To solve the most pressing scientific problems, scientists today often face enormous hurdles when it comes to gathering the data they need to embark on research.
Enter Ramkumar Hariharan, a data scientist and computational biologist at Northeastern University in Seattle. A scientist and an engineer, Hariharan’s current research is centered around an emerging scientific field called geroscience, or the “study of aging as it relates to age-related diseases.” Hariharan has been trying to understand the reasons why some cancer patients respond better to certain kinds of immunotherapies.
To do so requires lots of information about the patients themselves, the specific forms of cancer and the drugs used to treat patients. Naturally, it’s a lot of data to process—and from a variety of sources. All of that information requires sorting, or cleansing, scraping (exporting data from one source, or program, into another) and “deriving” (combining or processing raw data into new information).
“The first part is creating artificial intelligence systems and pipelines,” Hariharan says. “And why are we doing it? We want to solve scientific problems.”
Hariharan and a team of Northeastern researchers received a grant to build an “end-to-end autoML pipeline” to help predict patients’ response to cancer immunotherapies. The automated machine learning model (autoML) uses so-called “deep learning,” a form of artificial intelligence modeled off of human decision-making, to help researchers sift through massive amounts of raw data.
Specifically, the researchers are looking to see if they can prospectively identify patients who would best benefit from these different treatments and, in doing so, isolate the individual factors that make patients more or less responsive to them. Those could be factors such as a patient’s age, physical attributes, and overall health, among others.
The goal is to search for patterns in the available data (meaning, data accessible through published literature and other public databases) that help researchers construct a clinical picture of how patients might fare in treatment.
To be as precise as possible, researchers need more than simply a patient’s age, sex and health; they need other more specific data points, such the cellular composition of the cancerous tumors, and molecular measurements that provide insight into gene activity or expression.
One problem for researchers looking to scrape this specialized data is that a lot of it is so-called domain-specific knowledge, meaning it’s overseen by experts—here, medical and healthcare professionals—and locked away in disparate, not-well-organized databases. Another challenge is the extensive hand-coding required to precisely calibrate many existing machine learning models
Here’s where autoML comes in. As opposed to traditional machine learning models that require trained experts to manually tinker with the settings of an algorithm, autoML is an approach in which the system is constructed to learn how to optimize its dozens of “hyperparameters and control knobs” all on its own, Hariharan says.
“The autoML pipeline takes care of two things: one, you are much less reliant on domain experts, and two, your machine learning workflow is greatly accelerated,” he says. “You don’t need to create additional derived data and add that to the existing data because it can identify new, relevant derived data on its own.”
Hariharan’s team recently finished building the autoML pipeline, and is now in the process of refining the system, and measuring its performance compared to classical, hands-on models.

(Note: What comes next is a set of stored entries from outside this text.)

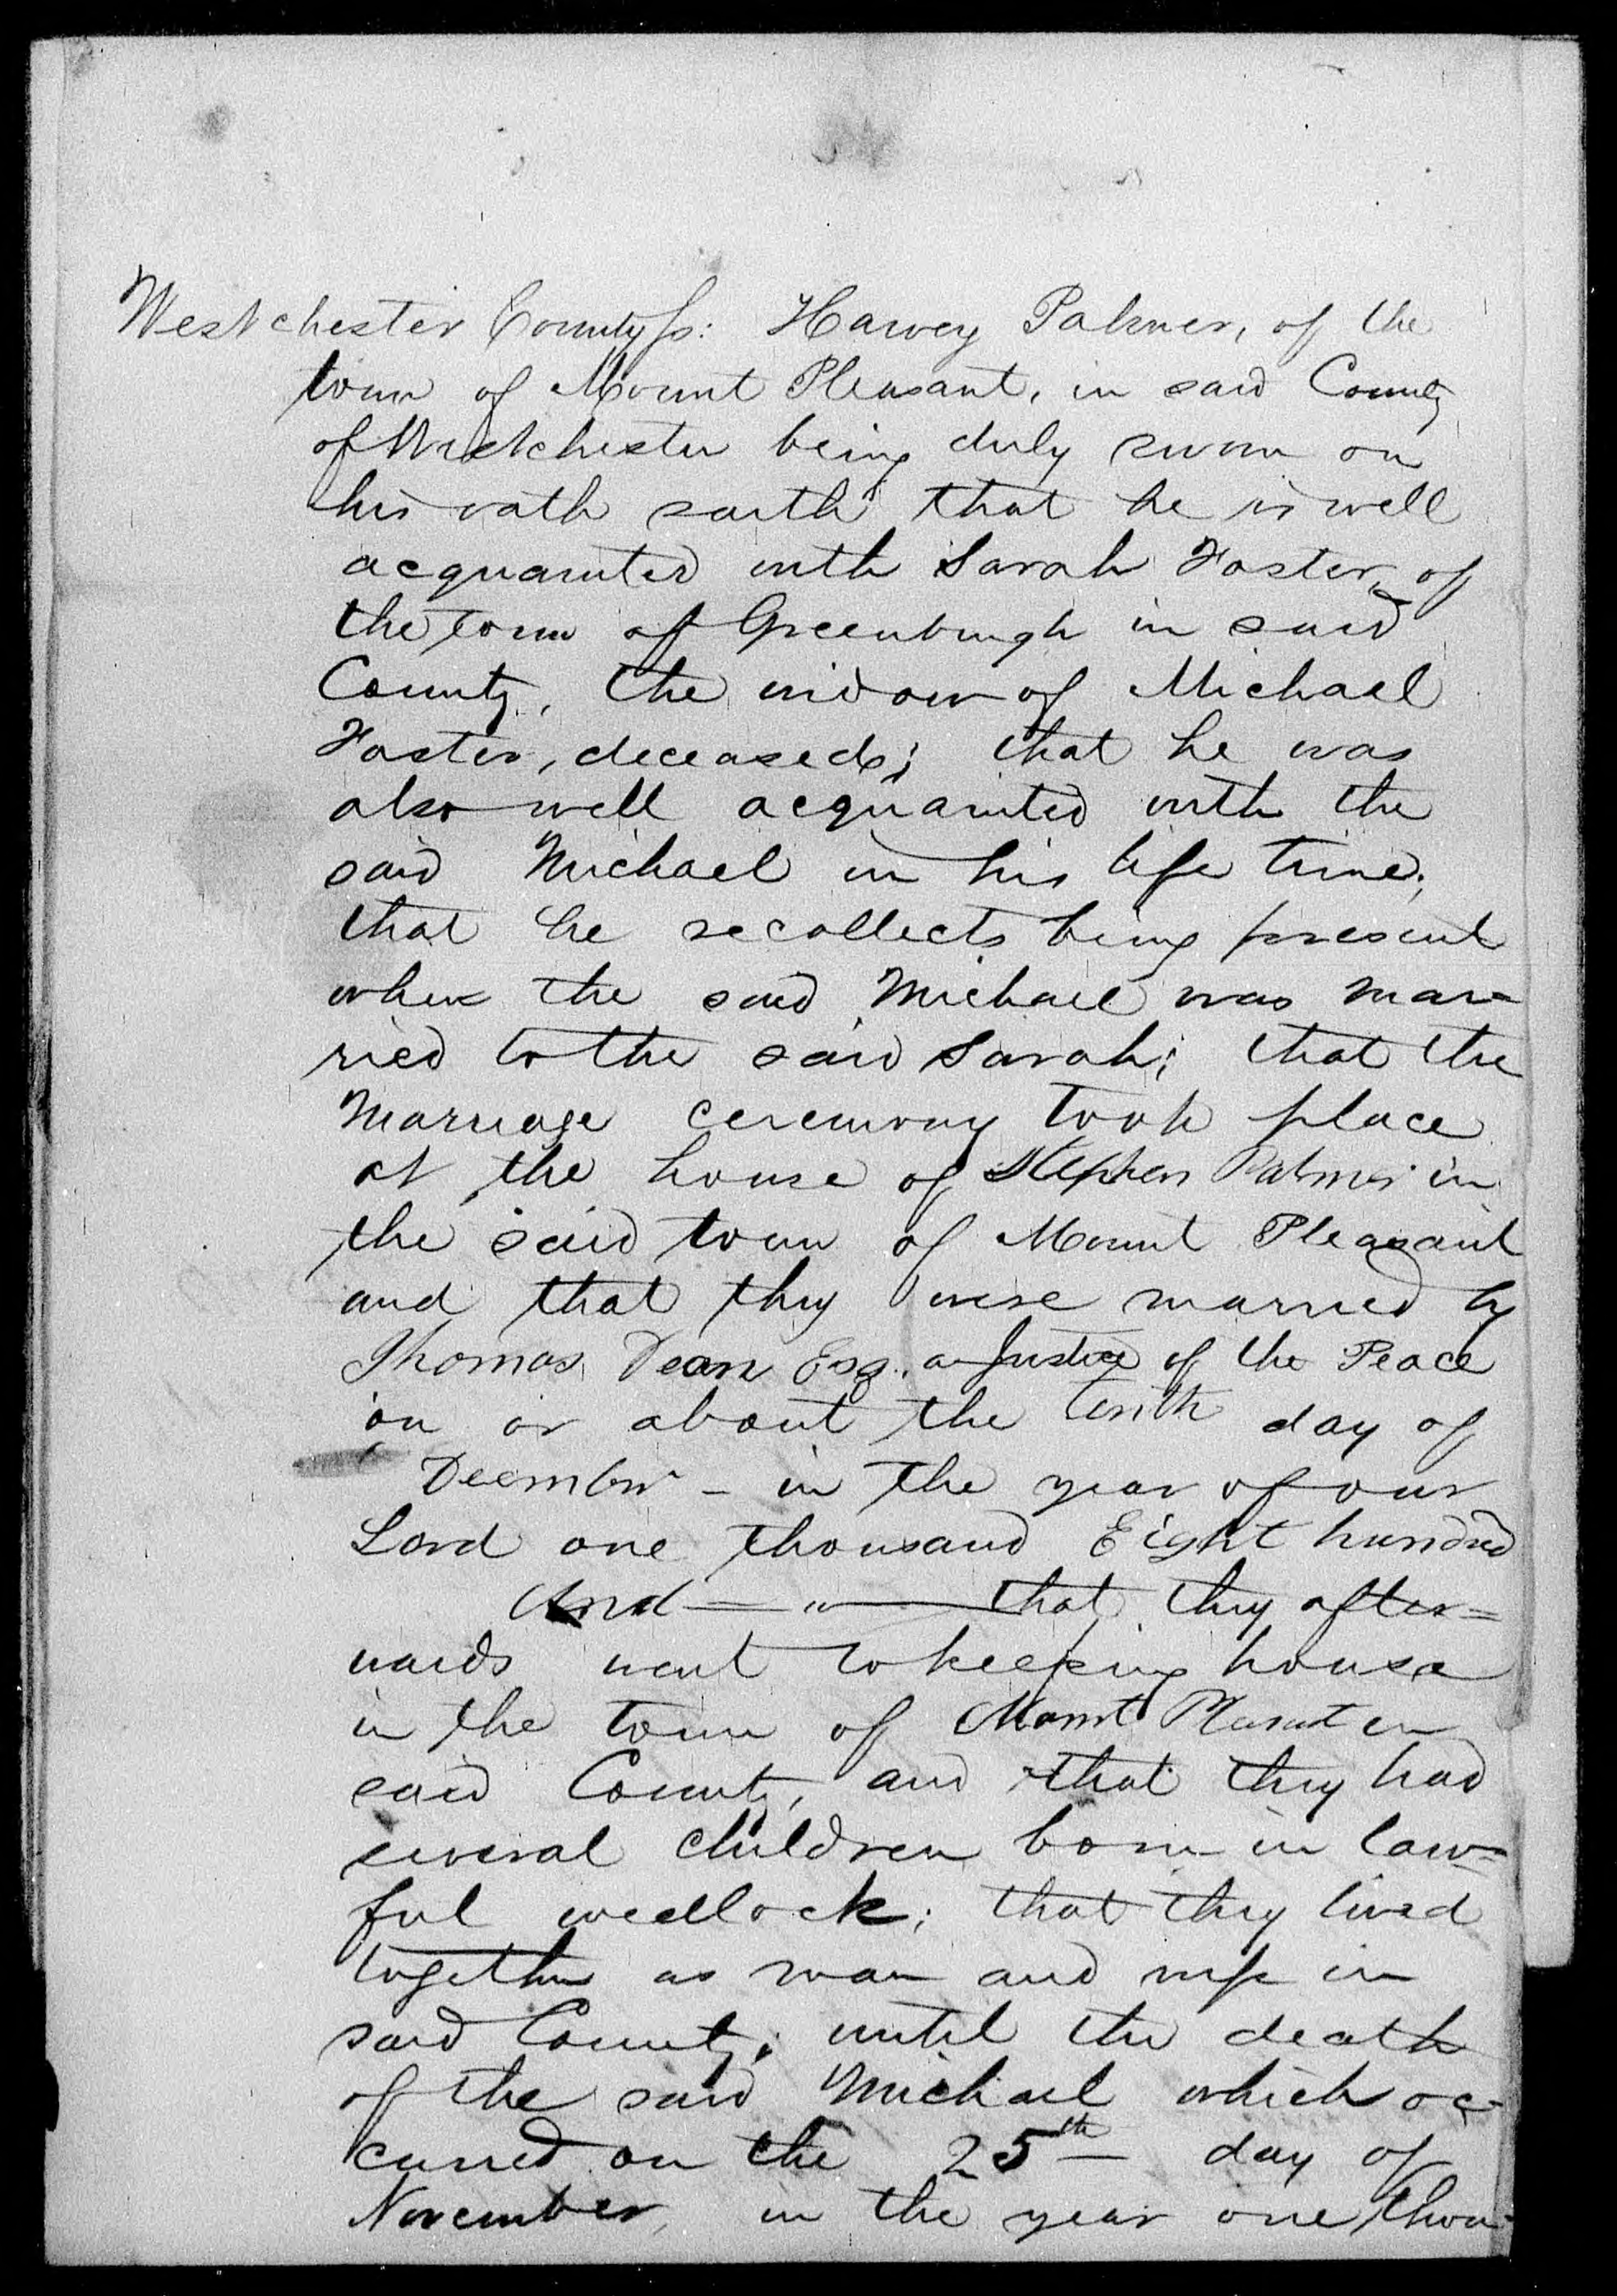Westchester County SS: Harvey Palmer, of the town of Mount Pleasant, in said County of Westchester being duly sworn on his oath saith that he is well acquainted with Sarah Foster of the town of Greenburgh in said County, the widow of Michael Foster, deceased: that he was also well acquainted with the said Michael in his life time; that he recollects being present when the said Michael was married to the said Sarah; that the Marriage ceremony took place at the house of Stephen Palmer in the said town of Mount Pleasant and that they were married by Thomas Dean Esq. a Justice of the Peace on or about the tenth day of December-in the year of our Lord one thousand Eight hundred And_____that they after wards went to keeping house in the town of Mount Pleasant in said County, and that they had several children born in lawful wedlock; that they lived together as man and wife in said County until the death of the said Michael which occurred on the 25th day of November in the year one thou-

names: Harvey Palmer, Michael, Michael Foster, Sarah Foster, Sarah, Michael, Michael, Thomas Dean, Stephen Palmer
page: 29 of 57
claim: widow's
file: W. 5275 1/2, Michael Foster, Penn.

The $50,000 in funding for the project comes from Northeastern’s Institute for Experiential AI. Rohit Gandikota, Alekya Kasturi, Shreyangi Prasad and Ayesha Mathur—all Northeastern-based—contributed research.
Hariharan says the complicated data project was spurred along by developments in geroscience, and a broader shift in the way scientists understand aging. As you age, your bodily functions begin to slow down. “Things start to fall apart,” Hariharan says. This in turn predisposes a person to a host of age-related diseases.

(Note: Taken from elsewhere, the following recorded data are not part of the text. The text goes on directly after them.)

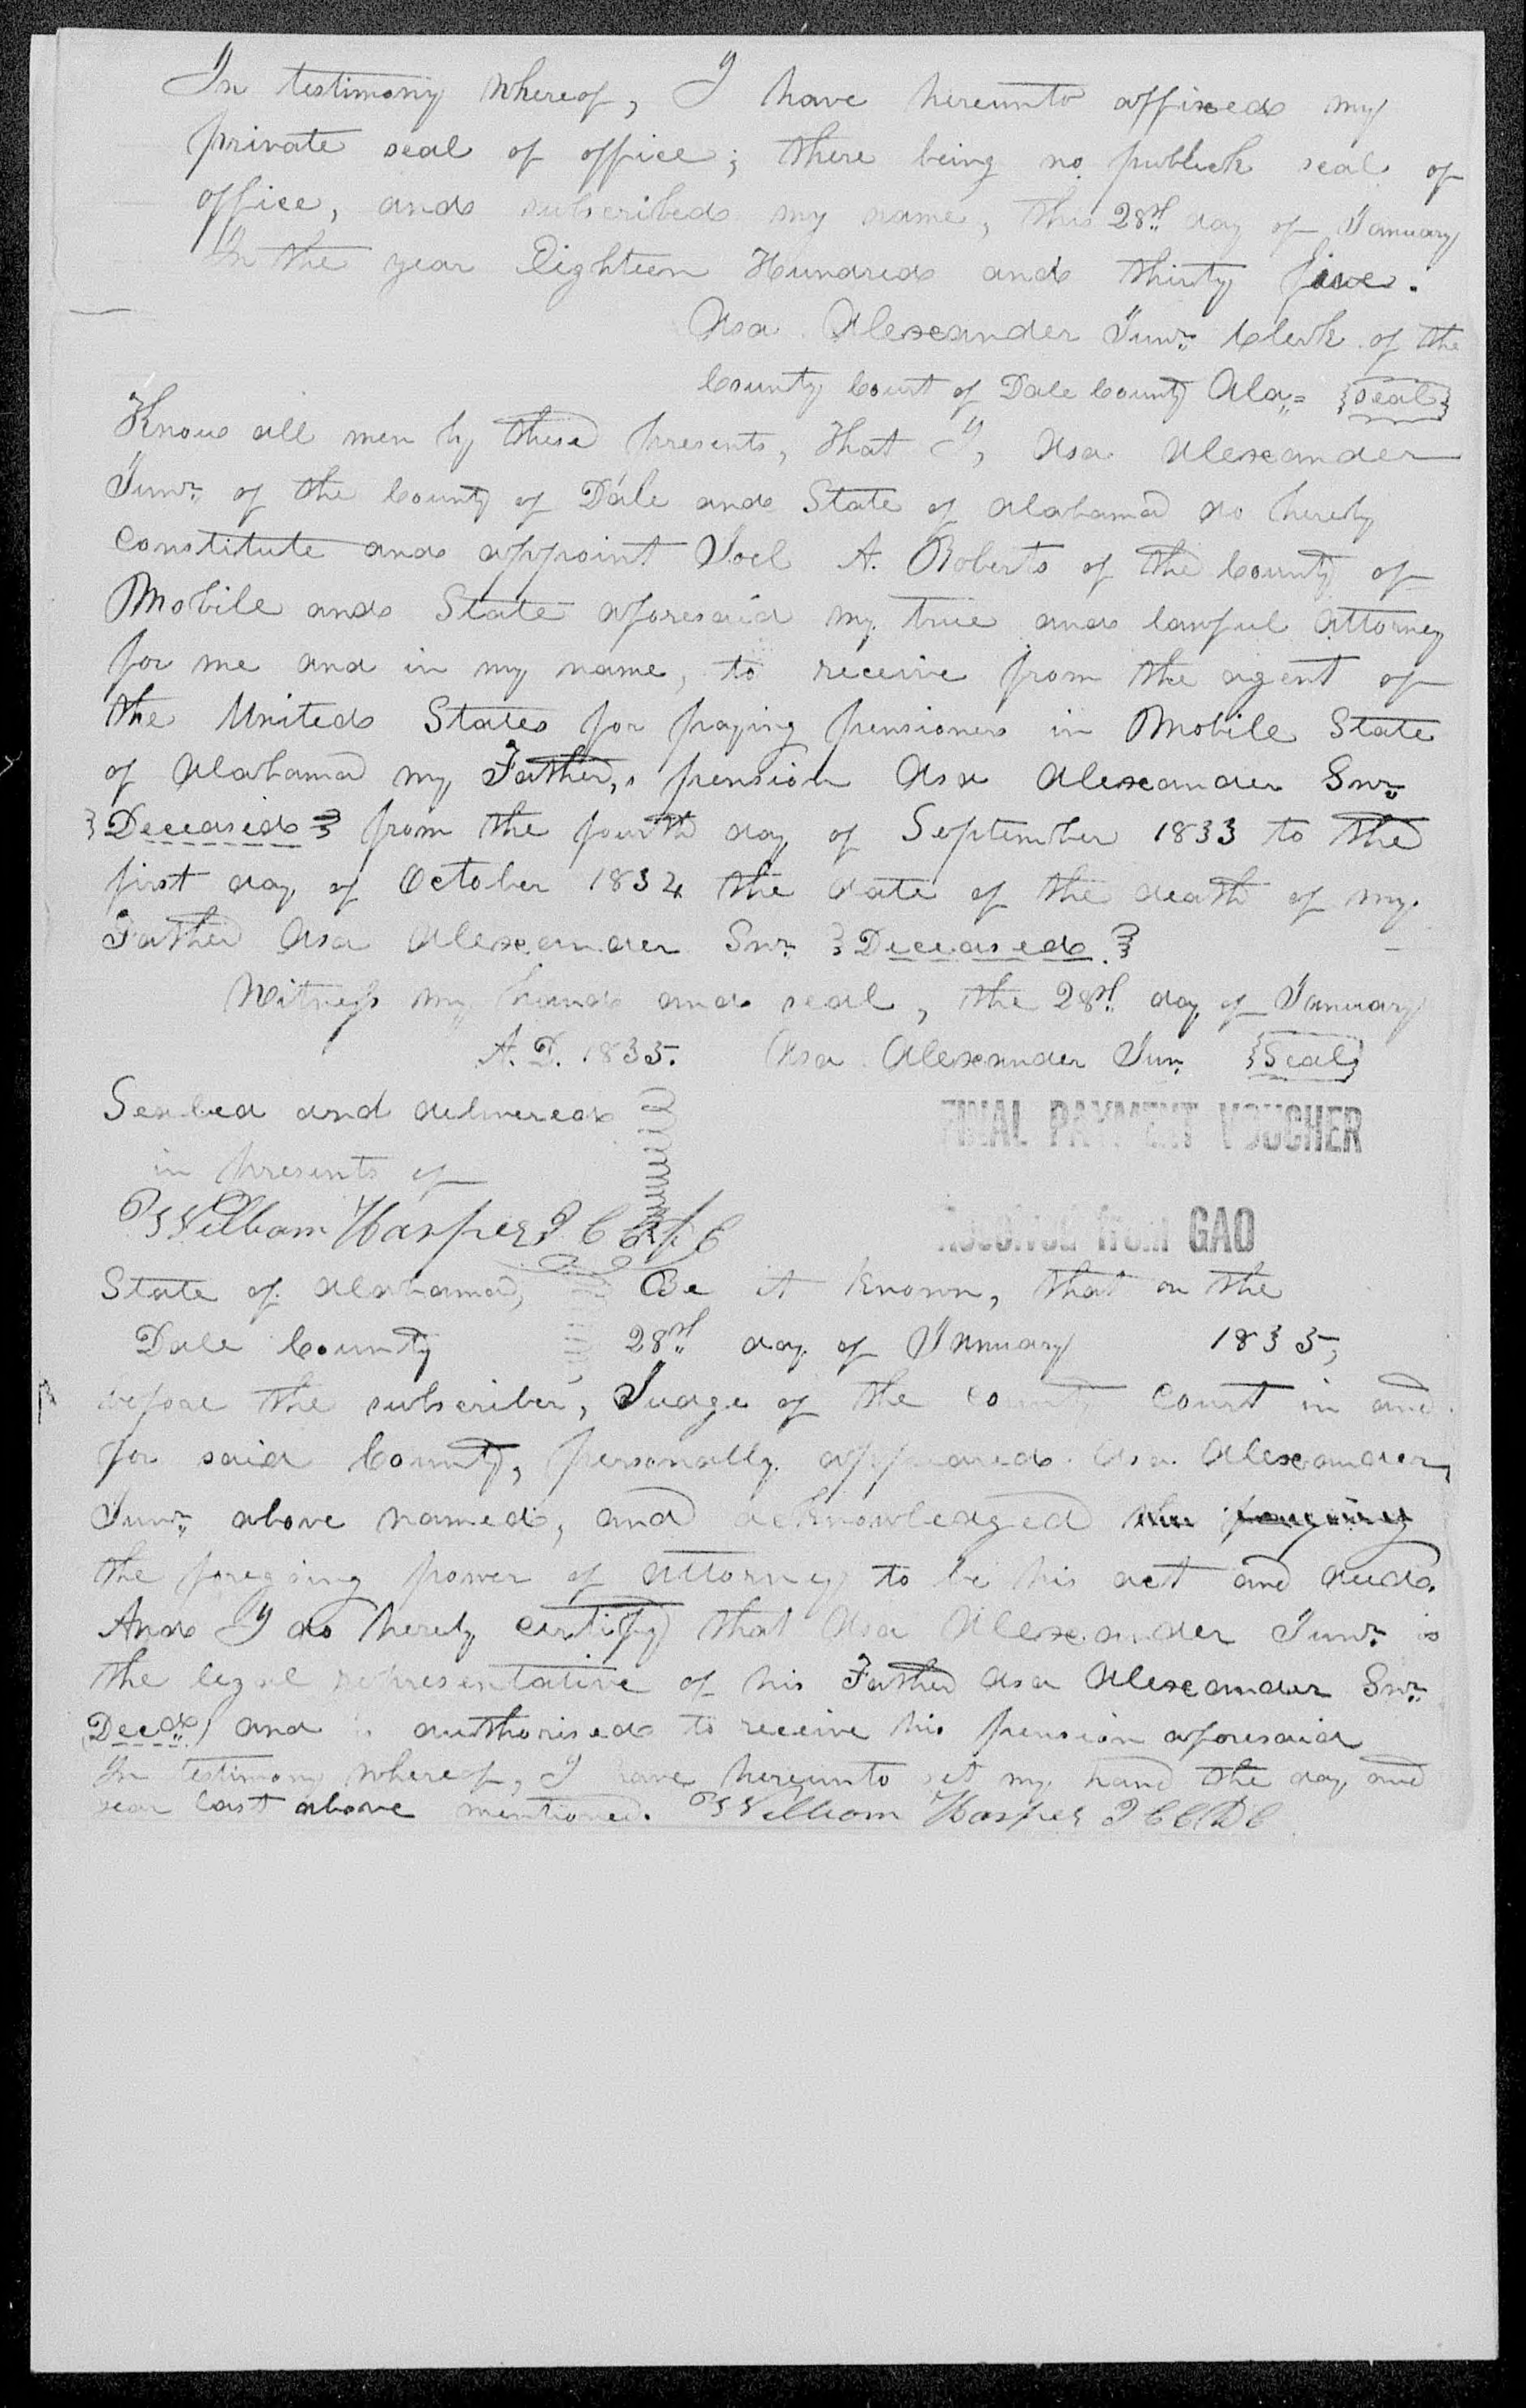In testimony whereof, I have hereunto affixed my private seal of office; there being no publick seal of office, and subscribed my name this 28th day of January in the year Eighteen Hundred and thirty five. 
[Signature] Asa Alexander Junr. Seal
Know all men by these presents, that I, Asa Alexander Junr. of the County of Dale and State of Alabama do hereby constitute and appoint Joel A. Roberts of the County of Mobile and State aforesaid my true and lawful attorney for me and in my name to receive from the agent of the United States for paying pensions in Mobile State of Alabama my Father's pension, Asa Alexander Senr. Deceased from the fourth day of September 1833 to the first day of October 1834 the date of the death of my father Asa Alexander Senr. Deceased. Witness my hand and seal, the 28th day of January A.D. 1835. [signature] Asa Alexander Jun. Seal.

Sealed and delivered in presents of William Harper JCCDC

State of Alabama,
Dale County
Be it known that on the 28th day of January 1835, before the subscriber, Judge of the county court in and for said County, personally appeared Asa Alexander Junr, above named, and acknowledged [two words crossed out] the foregoing power of attorney to be his act and deed. And I do hereby certify that Asa Alexander Junr. is the legal representative of his father Asa Alexander Sr. Decd, and is authorized to receive his pension aforesaid. In testimony whereof, I have hereunto set my hand the day and year last above mentioned.  {signature] William Harper JCCDC.

[Stamped] Final Payment Voucher
Received from GAO

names: Joel A Roberts, William Harper, William Harper, Asa Alexander, Asa Alexander, Asa Alexander, Asa Alexander, Asa Alexander, Asa Alexander, Asa Alexander, Asa Alexander
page: 20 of 35
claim: survivor's
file: S. 32092, Asa Alexander, Ga.

“Your probability of getting cancer significantly increases,” Hariharan says. “Yes, young people do get cancer—but they’re more like the outliers. And age isn’t the only factor that causes cancer, or Alzehmiers disease, or cardiovascular disease.”
It also depends on your genetic inheritance, he says, and the “epigenetic marks” that “sit atop your DNA.” These marks are chemical modifications to the DNA letters, Hariharan says, that can offer clues about how we age. Diet and lifestyle, long thought to influence how quickly we age, can also impact the formation of these marks.
“There are so many ways to measure your biological age,” he says. “Looking at the epigenomic pattern is one way of doing it.”
Other so-called biomarkers of aging vary and can include, for example, how fast a person walks, their grip strength, and other blood measurements, such as how they respond to glucose. As scientists’ understanding of the mechanisms of aging evolve, more potential data points emerge as variables and determinants of health, Hariharan says.
Machine learning, he says, will be the key to unlocking that data.
“We want to build AI-powered computational tools to come up with more reproducible ways of measuring biological aging,” Hariharan says. “We haven’t started that research yet, but we’re going to launch it soon.”